Another idea that sounds great Bev! I keep strips in bundles by width. We did an exchange of 4 1/2 " strips years ago and one of them were cut down for my smaller strips. Diana
Hi Charlotte,
When I first started quilting, 15 years ago, I made miniature quilts. Everyone in our guild gave me scraps and like you, I did sort them in colors. I used a scrap saver ruler and cut my fabric into the various sizes (squares, triangles, rectangles). So I have neat piles of each and they are tied together with a strip of fabric. I wrote the size on the fabric strip.

If the pieces are small or irregular, I use a color, say reds and sew them together to make one piece of fabric. I trim it even and it ends up looking like a crazy piece. Continue until you get the get the size that you want and trim or cut into another shape.

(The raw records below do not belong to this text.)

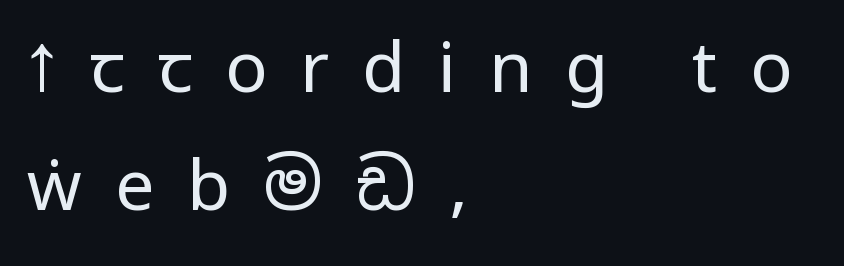
{"serif": "no", "italic": "no", "bold": "no", "weight": "regular", "width": "condensed", "stroke_contrast": "low", "underline": "no", "align": "left", "line_spacing": "normal", "line_spacing_ratio": 1.68, "letter_spacing": "wide", "letter_spacing_em": 0.47, "glyph_px": 70}
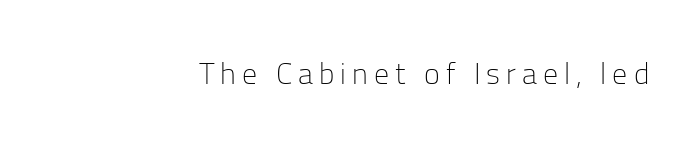
{"serif": "no", "italic": "no", "bold": "no", "weight": "light", "width": "normal", "stroke_contrast": "low", "x_height": "medium", "monospaced": "no", "underline": "no", "align": "right", "letter_spacing": "wide", "letter_spacing_em": 0.2, "glyph_px": 30}
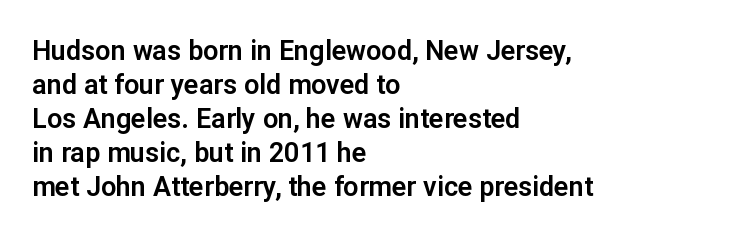
Q: Is the text italic (slanted)? A: No, it is upright.
Q: Is the text underlined? A: No.
Q: How is the paragraph aligned? A: Left-aligned.
Q: Is the spacing between letters normal or unusually wide? A: Normal.
Q: Is the spacing between lines tight, normal or loose? A: Normal.
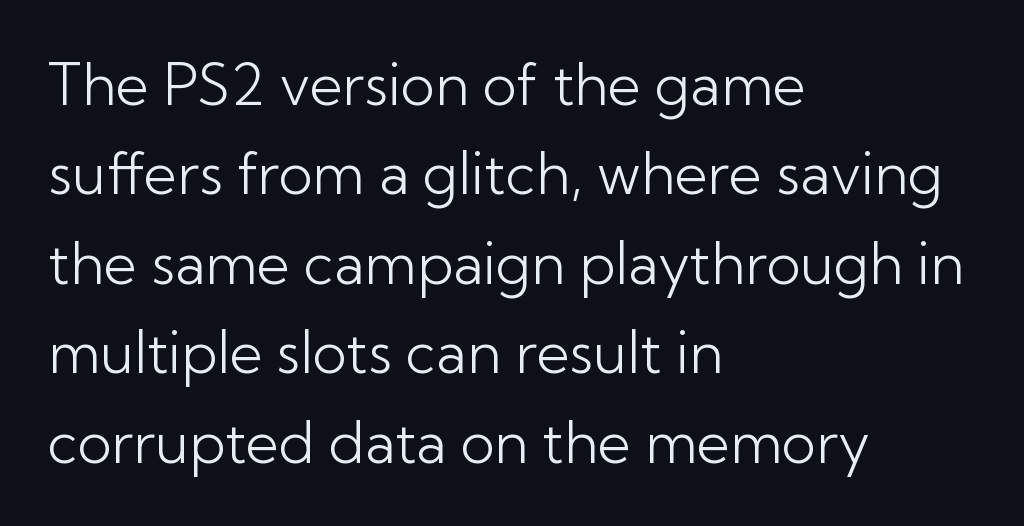
{"serif": "no", "italic": "no", "bold": "no", "weight": "light", "width": "normal", "stroke_contrast": "low", "x_height": "medium", "monospaced": "no", "underline": "no", "align": "left", "line_spacing": "normal", "line_spacing_ratio": 1.57, "letter_spacing": "normal", "letter_spacing_em": 0.0, "glyph_px": 57}
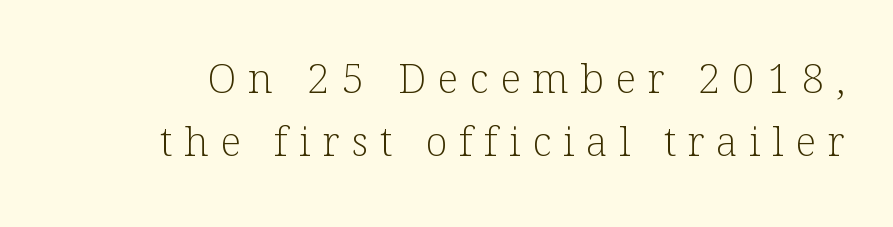
{"serif": "yes", "italic": "no", "bold": "no", "weight": "light", "width": "normal", "stroke_contrast": "low", "x_height": "medium", "monospaced": "no", "underline": "no", "line_spacing": "normal", "line_spacing_ratio": 1.53, "letter_spacing": "wide", "letter_spacing_em": 0.28, "glyph_px": 41}
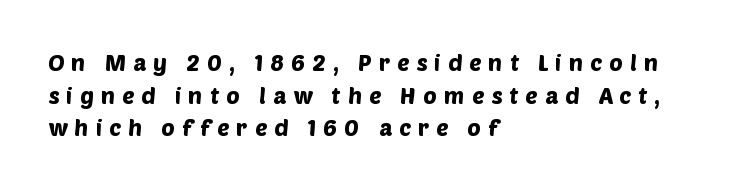
Q: Is the text underlined? A: No.
Q: How is the paragraph aligned? A: Left-aligned.
Q: Is the spacing between letters normal or unusually wide? A: Unusually wide.
Q: Is the spacing between lines tight, normal or loose? A: Normal.
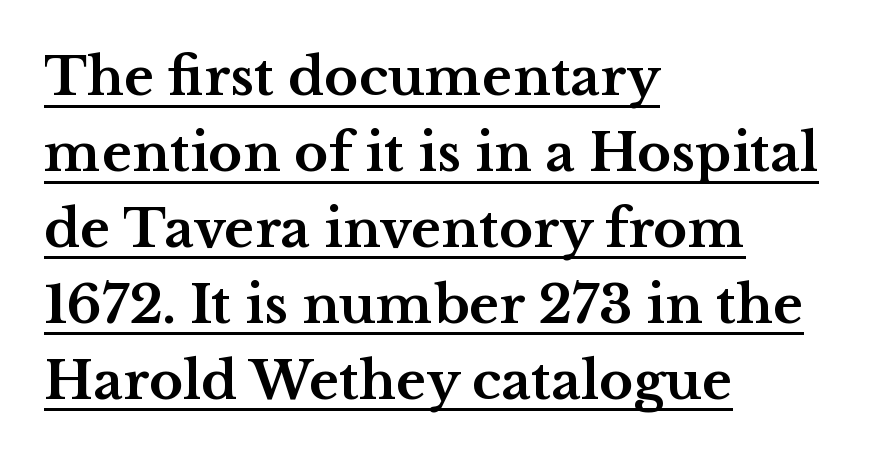
The image shows 52 px bold, wide serif type, upright; set left-aligned, normal line spacing (1.46x), normal letter spacing, underlined; medium stroke contrast and a medium x-height.
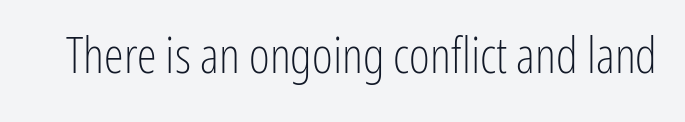
{"serif": "no", "italic": "no", "bold": "no", "weight": "light", "width": "condensed", "stroke_contrast": "low", "x_height": "medium", "monospaced": "no", "underline": "no", "letter_spacing": "normal", "letter_spacing_em": 0.0, "glyph_px": 50}
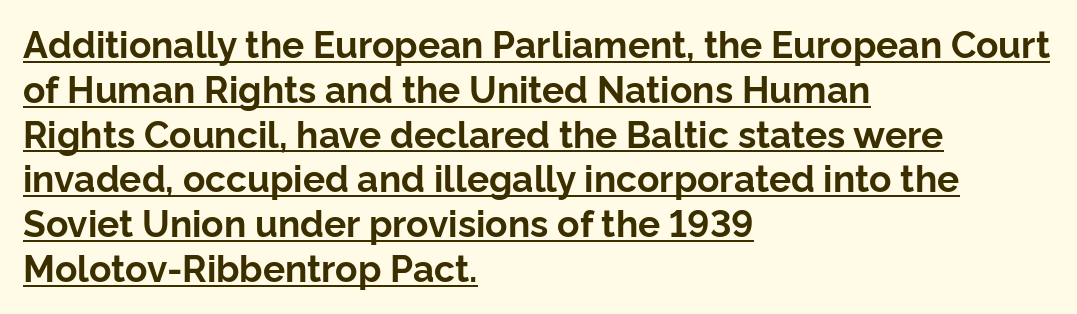
The image shows 37 px bold sans-serif type, upright; set left-aligned, line spacing 1.21x, normal letter spacing, underlined; low stroke contrast and a medium x-height.
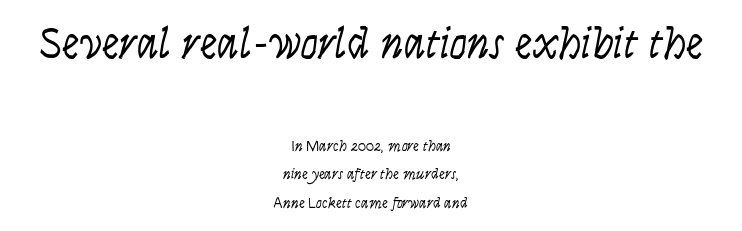
The image shows 44 px light, condensed type, italic (leaning right); set centered, loose line spacing (1.92x), normal letter spacing, not underlined; the first (top) block is 2.93x larger; low stroke contrast and a large x-height.
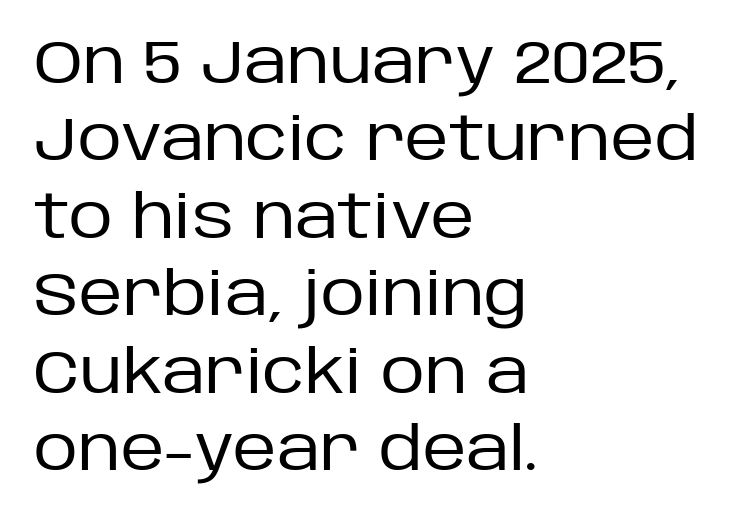
Q: Is the text bold? A: No.
Q: Is the text italic (slanted)? A: No, it is upright.
Q: Is the typeface a serif or a sans-serif typeface? A: Sans-serif.
Q: Is the text underlined? A: No.
Q: How is the paragraph aligned? A: Left-aligned.
Q: Is the spacing between letters normal or unusually wide? A: Normal.
Q: Is the spacing between lines tight, normal or loose? A: Normal.
Q: Width (condensed, normal, or wide)? A: Normal.
Q: Stroke contrast? A: Low.
Q: x-height? A: Large.
Q: Monospaced? A: No.
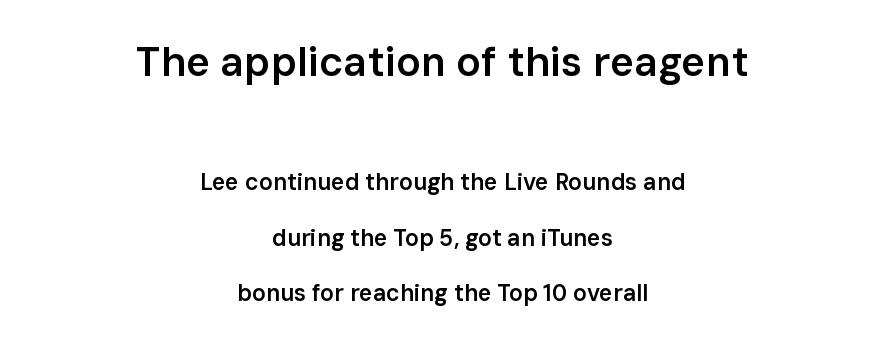
Notice the wide empty band between every row — that's loose leading. Nothing unusual about the tracking: characters are spaced as the font intends. In CSS terms this would be text-align: center. In terms of posture, this sample is upright.

This is your new fabric piece to use as regular fabric. For variations, I may add all darks or mix them up. These are perfect for scrappy quilts with "depth" in your "new fabric".

I refuse to toss out African Fabrics and I have made several wall hangings out of the smallest pieces. I will try to attach a photo of one of them. The middle is using very small scraps. This is a Barbie Size doll quilt.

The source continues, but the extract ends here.